I've kompiled in kernel all of partition types and pseudofilesystem.

Do you have any suggestions?

----------

## krinn

 *Quote:*   

> mount -t ufs -o ufstype=0x75 /dev/sda /mnt/dysk/ 

 

no idea but you are trying to mount a disk instead of the partition of that disk.
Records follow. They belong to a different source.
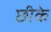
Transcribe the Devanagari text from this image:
छीके
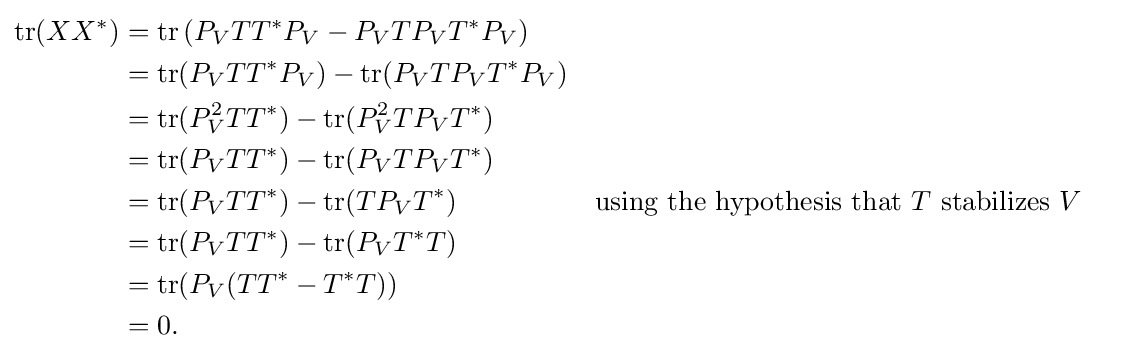
{\begin{aligned}\operatorname {tr} (XX^{*})&=\operatorname {tr} \left(P_{V}TT^{*}P_{V}-P_{V}TP_{V}T^{*}P_{V}\right)\\&=\operatorname {tr} (P_{V}TT^{*}P_{V})-\operatorname {tr} (P_{V}TP_{V}T^{*}P_{V})\\&=\operatorname {tr} (P_{V}^{2}TT^{*})-\operatorname {tr} (P_{V}^{2}TP_{V}T^{*})\\&=\operatorname {tr} (P_{V}TT^{*})-\operatorname {tr} (P_{V}TP_{V}T^{*})\\&=\operatorname {tr} (P_{V}TT^{*})-\operatorname {tr} (TP_{V}T^{*})&&{\text{using the hypothesis that }}T{\text{ stabilizes }}V\\&=\operatorname {tr} (P_{V}TT^{*})-\operatorname {tr} (P_{V}T^{*}T)\\&=\operatorname {tr} (P_{V}(TT^{*}-T^{*}T))\\&=0.\end{aligned}}
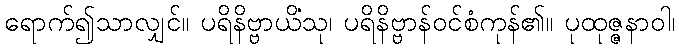
ရောက်၍သာလျှင်။ ပရိနိဗ္ဗာယိံသု၊ ပရိနိဗ္ဗာန်ဝင်စံကုန်၏။ ပုထုဇ္ဇနာဝါ၊

It's not a bad command as you can format and use disk as a whole partition, but in your case, you've show you have a sda1 partition with the 0x75 ID

so /dev/sda1 instead of /dev/sda

----------

## Jaglover

Do you know what type of partition table is used (if any)?

----------

## jkl

 *krinn wrote:*   

>  *Quote:*   mount -t ufs -o ufstype=0x75 /dev/sda /mnt/dysk/  
> 
> (...) so /dev/sda1 instead of /dev/sda (...) 

 

I'd love to do it like this, but unfortunately there's no /dev/sdaX   :Sad: 

 *Jaglover wrote:*   

> Do you know what type of partition table is used (if any)?

 

I don't know. How can I check it besides fdisk (because fdisk -l doesn't show anything worth attention)?

----------

## Jaglover

I'd start looking into this from beginning. 

What kind of machine this harddrive comes from? 

Don't take fdisk output without a grain of salt. Filesystem type is just a byte which fdisk reads from the drive. If the disk layout is unknown to fdisk or corrupted fdisk output may mean nothing.

----------